Grifters all the way down

The kindest thing that could be said about Matthew Guy is that he looks like a cartoon shrimp. It is not just the spinelessness and the bottom feeding: there is also the perpetual sense of him being pulled up in a net.

Nothing better articulates the poverty of the Victorian Liberal Party than the fact he leads it. He represents a kind of politics that leaves oil stains on seats, a venal, oleaginous, insincere approach to the demands of office, a politics of self-interest that knows the price of everything and the value of nothing and tries to bill the former through a private marketing business.

Payments allegedly sought by his chief of staff have now been referred to the state’s anti-corruption monitor, the ombudsman, the electoral commission and state and federal police. Guy argues that the deal didn’t succeed, so nothing is wrong. The shamelessness is staggering. “Nothing was signed, nothing was agreed, nothing proceeded and nothing followed through,” he claims. “That says everything.”

This is the same Matthew Guy who was embroiled in a donations scandal after meeting with an alleged crime boss at a suburban seafood restaurant, his “lobster with a mobster”. He campaigned the next year with a “tough on crime” platform. And then they made him leader again.

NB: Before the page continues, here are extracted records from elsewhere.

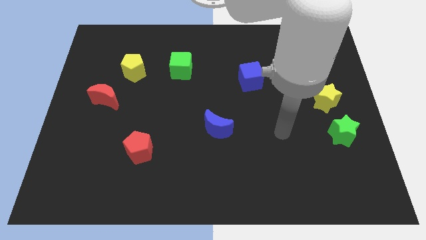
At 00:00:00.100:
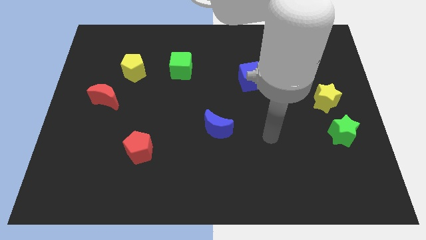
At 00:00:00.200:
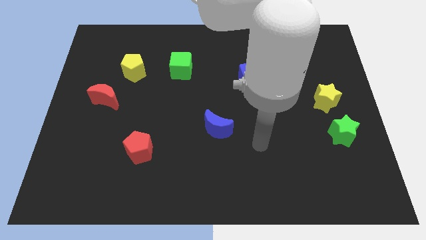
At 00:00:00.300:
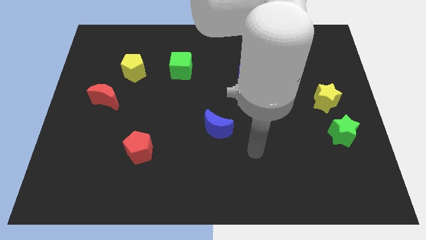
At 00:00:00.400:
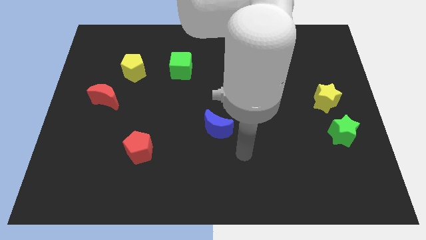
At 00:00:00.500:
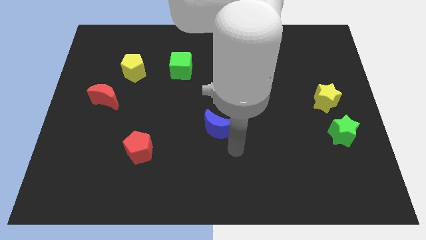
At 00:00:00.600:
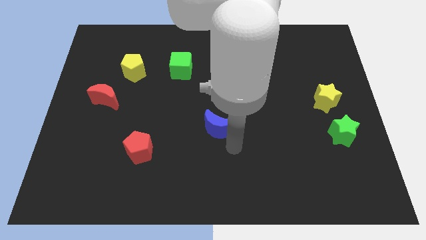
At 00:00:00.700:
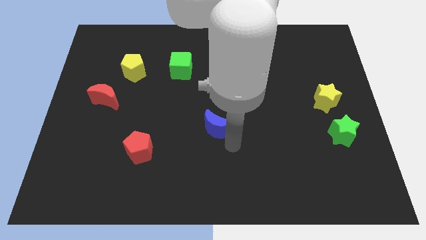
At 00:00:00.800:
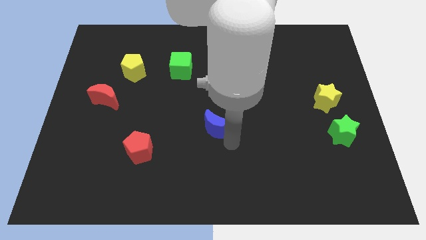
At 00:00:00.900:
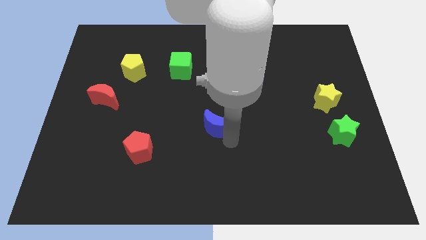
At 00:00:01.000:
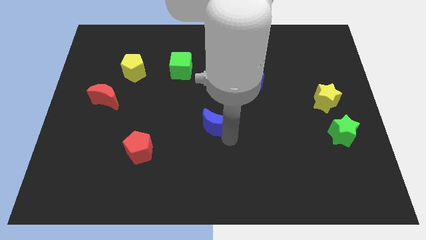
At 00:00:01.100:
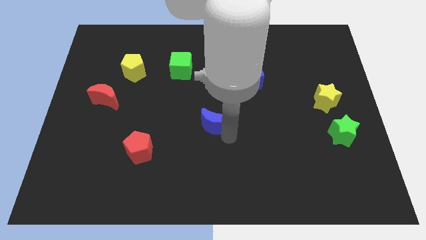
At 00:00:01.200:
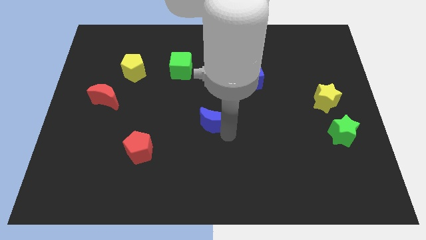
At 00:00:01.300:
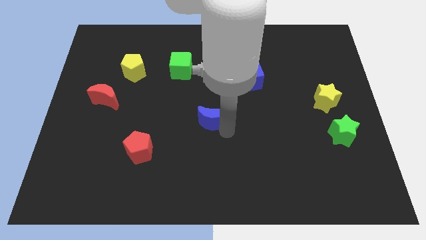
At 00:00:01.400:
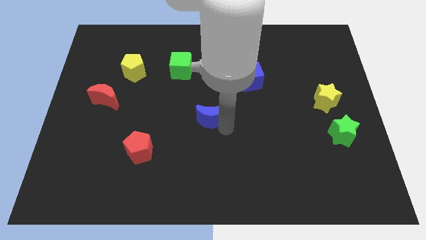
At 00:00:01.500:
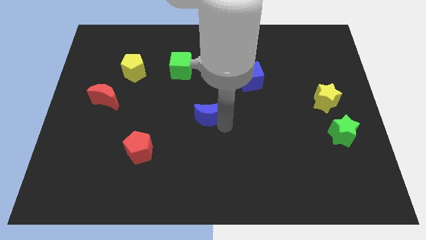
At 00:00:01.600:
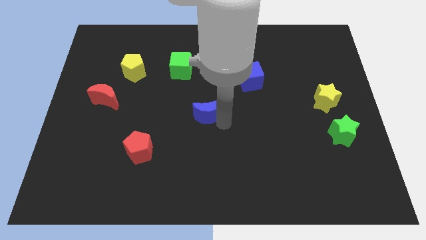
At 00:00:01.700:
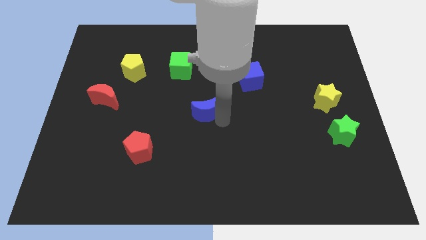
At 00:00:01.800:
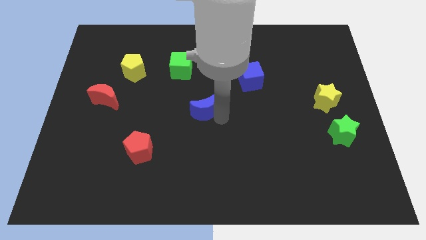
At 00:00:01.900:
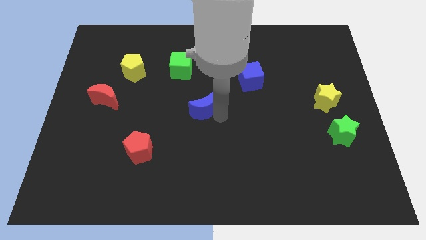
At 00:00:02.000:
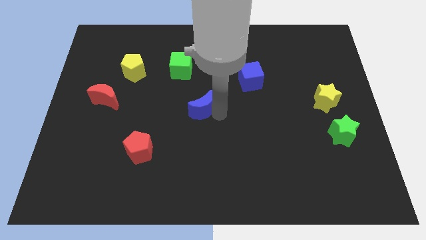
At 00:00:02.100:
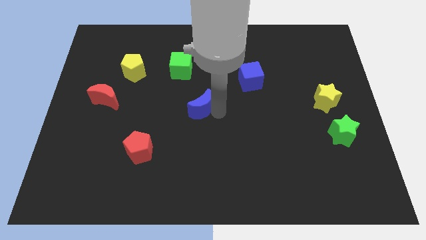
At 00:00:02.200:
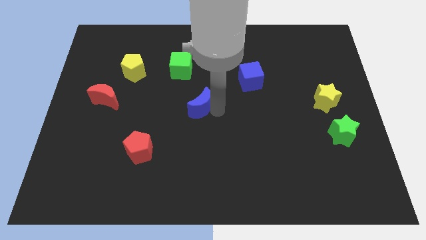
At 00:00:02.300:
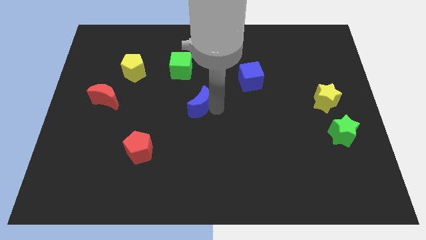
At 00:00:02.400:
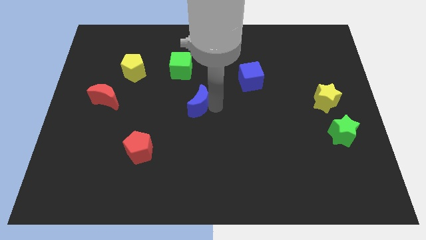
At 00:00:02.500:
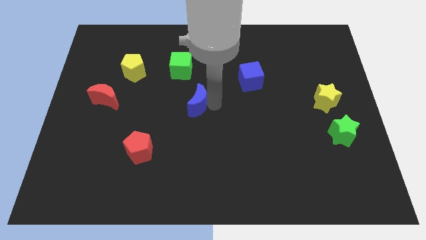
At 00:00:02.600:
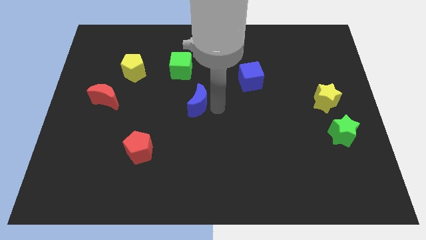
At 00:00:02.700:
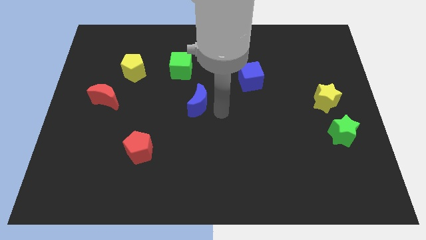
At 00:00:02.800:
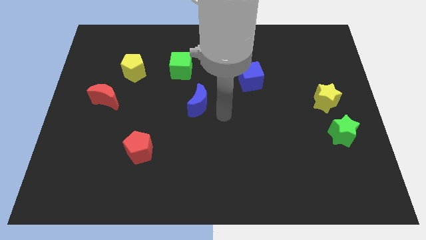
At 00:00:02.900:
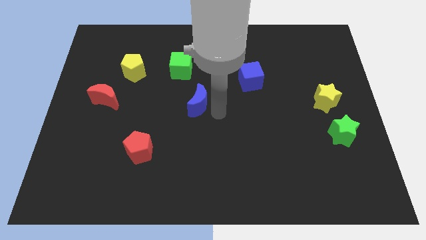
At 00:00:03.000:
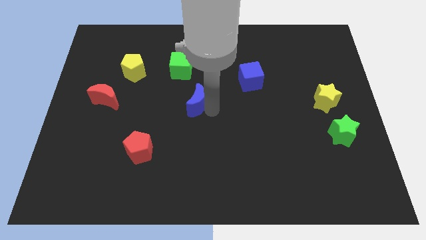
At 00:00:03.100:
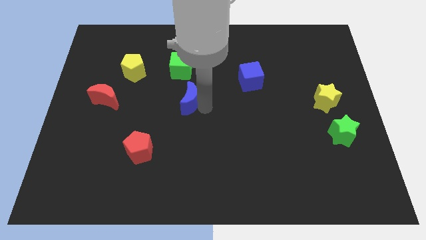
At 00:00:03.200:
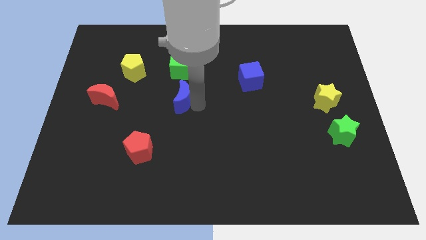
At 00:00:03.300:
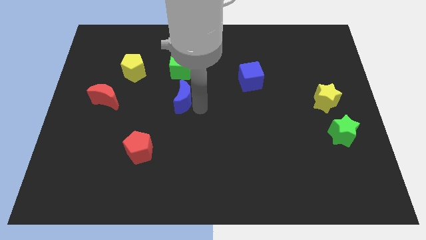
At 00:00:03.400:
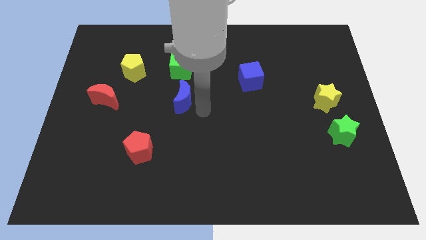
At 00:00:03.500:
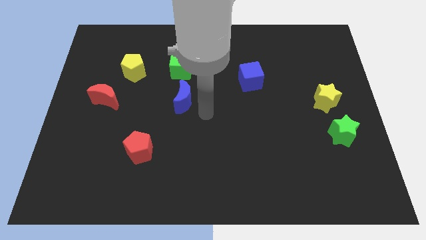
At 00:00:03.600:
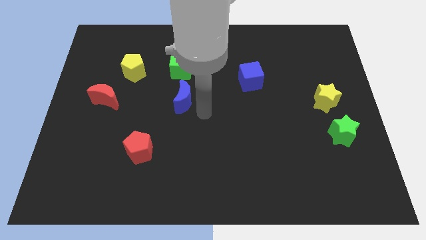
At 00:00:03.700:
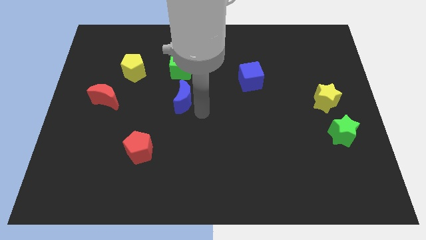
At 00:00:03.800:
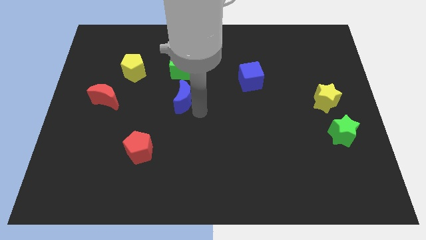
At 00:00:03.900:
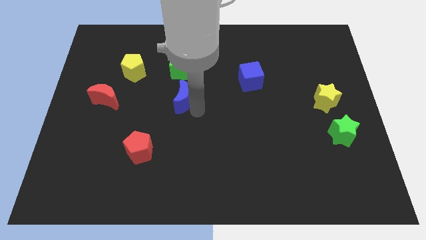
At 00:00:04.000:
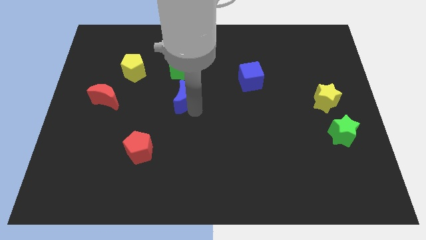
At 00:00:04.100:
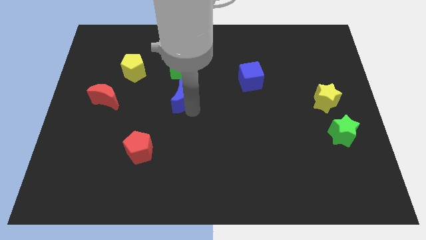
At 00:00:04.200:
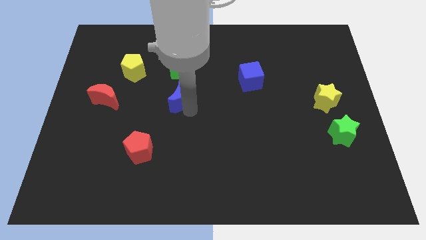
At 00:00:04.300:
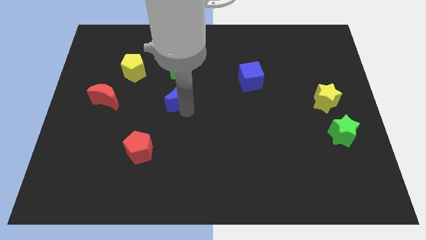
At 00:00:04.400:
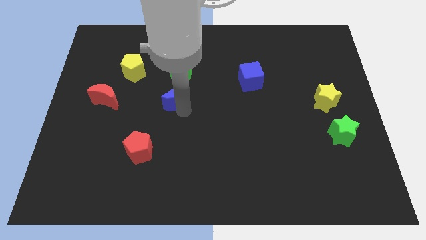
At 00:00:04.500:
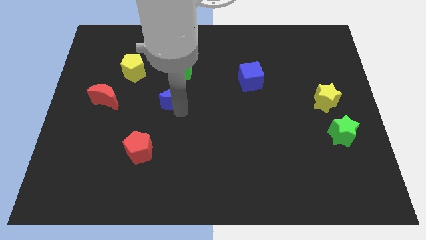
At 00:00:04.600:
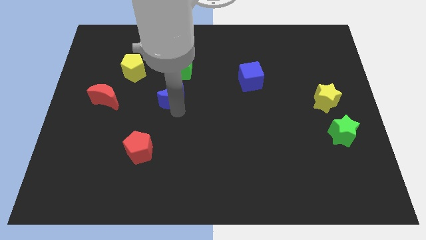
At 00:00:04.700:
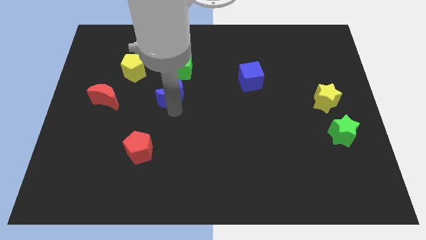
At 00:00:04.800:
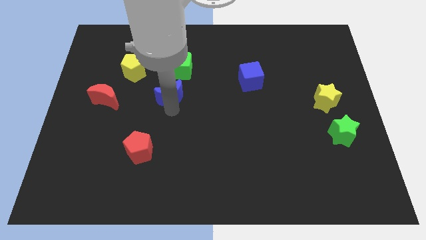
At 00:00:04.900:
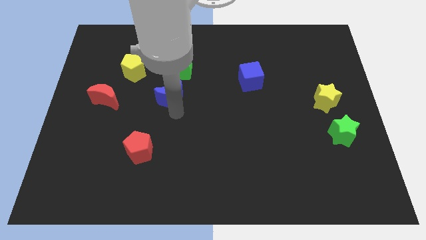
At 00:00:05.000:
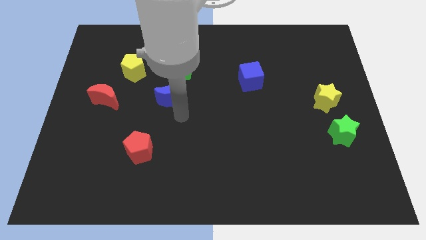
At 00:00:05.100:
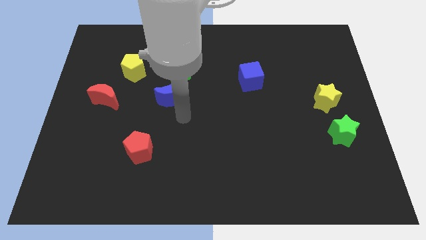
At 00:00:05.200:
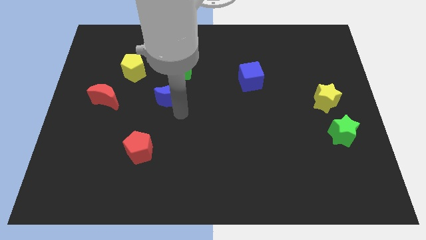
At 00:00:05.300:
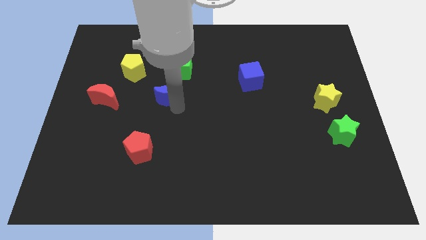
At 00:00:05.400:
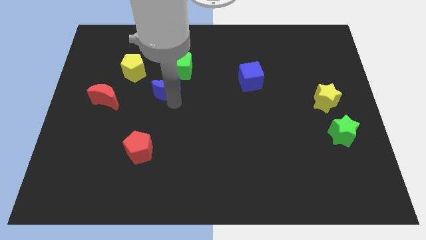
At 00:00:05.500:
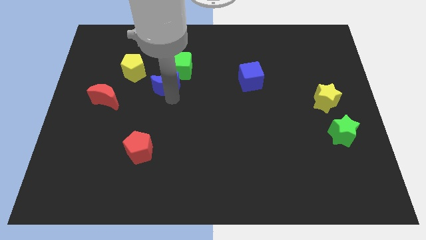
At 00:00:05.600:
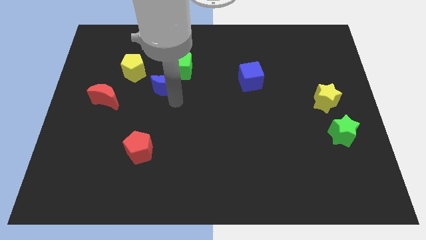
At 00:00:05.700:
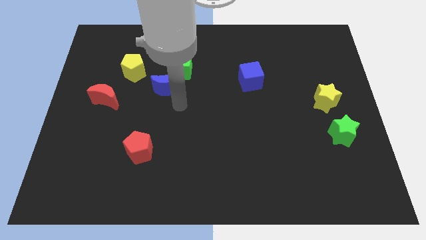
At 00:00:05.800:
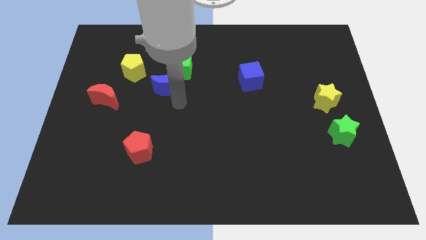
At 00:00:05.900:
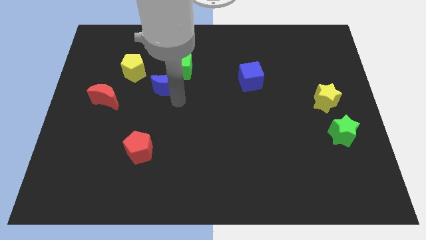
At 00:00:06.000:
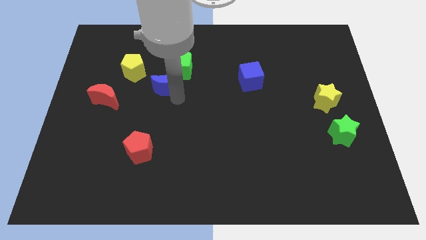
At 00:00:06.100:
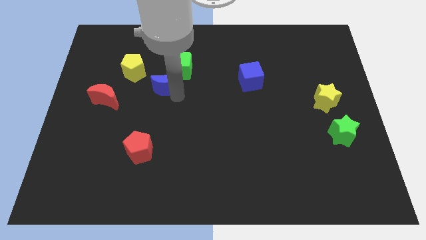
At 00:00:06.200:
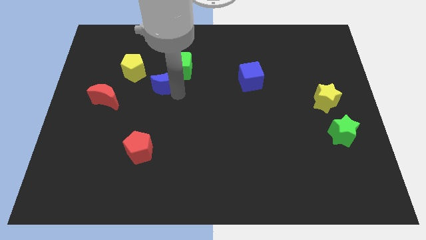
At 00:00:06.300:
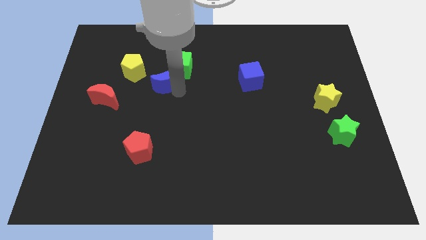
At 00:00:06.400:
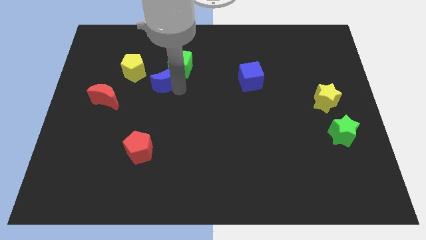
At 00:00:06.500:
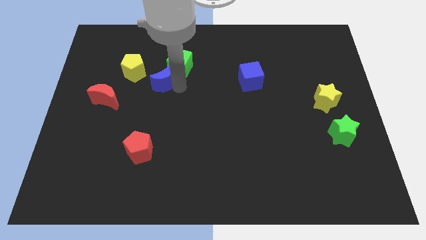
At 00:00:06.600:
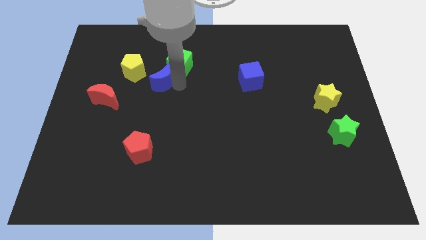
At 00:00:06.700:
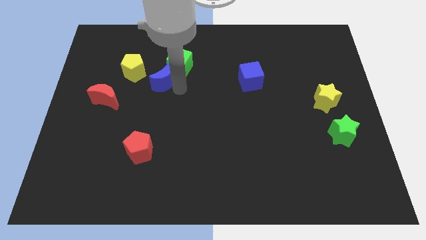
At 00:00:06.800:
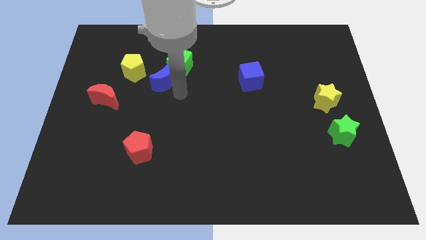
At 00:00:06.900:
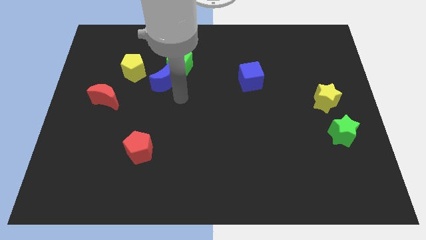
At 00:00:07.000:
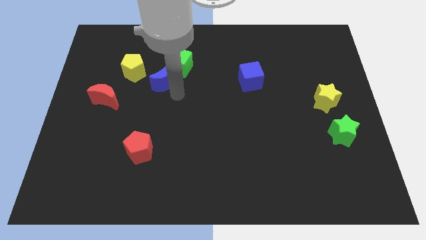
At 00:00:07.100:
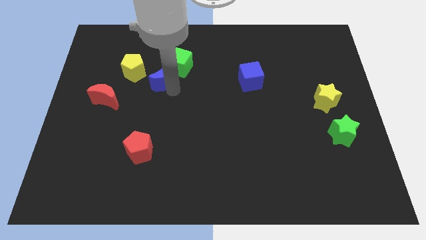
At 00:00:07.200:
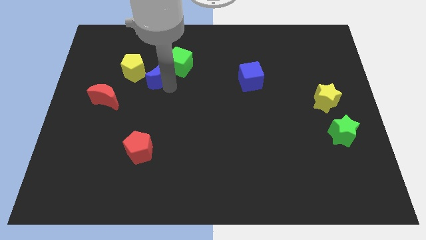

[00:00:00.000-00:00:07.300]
move the blue moon up and to the left

Guy is running against a Labor government that is ruled by factionalism, that has routinely misused public funds, that has been found responsible for a “catalogue of unethical and inappropriate behaviour” by the same bodies to which he has now been referred – and still he is worse.

It’s grifters all the way down. It’s one slimy-backed opportunist stacked on top of another, over and over again, into infinity. This week, in New South Wales, the Trade minister was forced to resign for his part in securing John Barilaro a sinecure in New York. He stayed on long enough to make clear that he thought he could get away with it.

“Last night, I read a section of the independent review being conducted by Graeme Head. This section is relevant to my role as minister,” he said. “In my view, no such breach has occurred. However, I agree it is important that this matter is investigated appropriately and support the premier’s decision to do so.”

No wonder faith in politics is at historic lows. No wonder support for the major parties is failing. The parliaments of the country have become troughs of grunting opportunism. The ugliness and the pettiness are extraordinary.

The changes needed are obvious and beginning. The federal integrity commission will make an enormous difference. So will the growing vote for independent candidates.

But the parties themselves need to begin reform. It is not enough for Daniel Andrews to apologise or for Dominic Perrottet to say he is following process: there is an urgent need to rid politics of the creatures for whom they’re apologising, the people there in pursuit of nothing but power and gratuity. For too long these creatures have been allowed to dominate the system and, in that time, they have done untold damage to it, damage that must now be earnestly and sincerely repaired.